F. Akibat-akibat Hukum Kafalah
Apabila orang yang ditanggung tidak ada (pergi atau menghilang), maka kafil berkewajiban menjamin sepenuhnya. Dan ia tidak dapat keluar dari kafalah, kecuali dengan jalan memenuhi hutang yang menjadi beban 'ashil (orang yang ditanggung). Atau dengan jalan, bahwa orang memberikan pinjaman (hutang)
-dalam hal ini bank- menyatakan bebas untuk kafil, atau ia mengundurkan diri dari kafalah. la berhak mengundurkan diri, karena memang itu haknya.
Adapun yang menjadi hak orang/bank (sebagai makful lahu) menfasakh akad kafalah dari pihaknya. Karena hak menfasakh ini adalah hak makful lahu. Dalam hal orang yang ditanggung melarikan diri, sedangkan ia tidak mengetahui tempatnya, maka si penanggung tidak wajib mendatangkannya, tetapi apabila ia mengetahui tempatnya, maka ia wajib mendatangkannya, dan si penanggung diberikan waktu yang cukup untuk keperluan tersebut.
G. Penerapan Kafalah Dalam Perbankan Syariah
Sebagaimana dimaklumi, bahwa kafalah (bank garansi) adalah jaminan yang diberikan bank atas permintaan nasabah untuk memenuhi kewajibannya kepada pihak lain apabila nasabah yang bersangkutan tidak memenuhi kewajibannya.
BG merupakan fasilitas non dana ( Non Funded Facility ) yang diberikan Bank berdasarkan akad Kafalah bil Ujrah. Bank akan menerbitkan BG sejumlah nilai tertentu yang dipersyaratkan oleh pihak penerima jaminan yang merupakan klien/mitra bisnis/ counter part dari Nasabah Bank untuk kepentingan transaksi / proyek tertentu yang akan dijalankan oleh Nasabah Bank.
Penggunaan dan macam Bank Garansi
- Diberikan kepada pemborong atau kontraktor untuk mengerjakan proyek - Diberikan untuk menjamin pembayaran (dapat berupa Standby L/C )

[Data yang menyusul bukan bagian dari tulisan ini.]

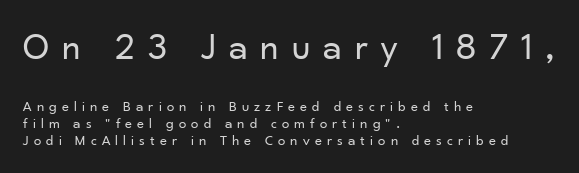
The image shows 38 px regular-weight sans-serif type, upright; set left-aligned, tight line spacing (1.13x), unusually wide letter spacing (+0.34 em), not underlined; the first (top) block is 2.53x larger; low stroke contrast and a small x-height.

Sedangkan Bank Garansi yang umum digunakan dalam rangka proyek, untuk mendukung usaha konstruksi, adalah:
1. Bid Bond / Tender Bond atau jaminan saat mengikuti tender 2. Advance Payment Bond atau jaminan uang muka
3. Performance Bond atau jaminan pelaksanaan selama masa konstruksi 4. Retention Bond atau jaminan pemeliharaan pasca konstruksi
Bank dalam pemberian garansi ini, biasanya meminta setoran jaminan sejumlah tertentu (sebagian atau seluruhnya) dari total nilai obyek yang dijaminkan. Di samping itu, bank memungut biaya sebagai ju'alah dan biaya administrasi.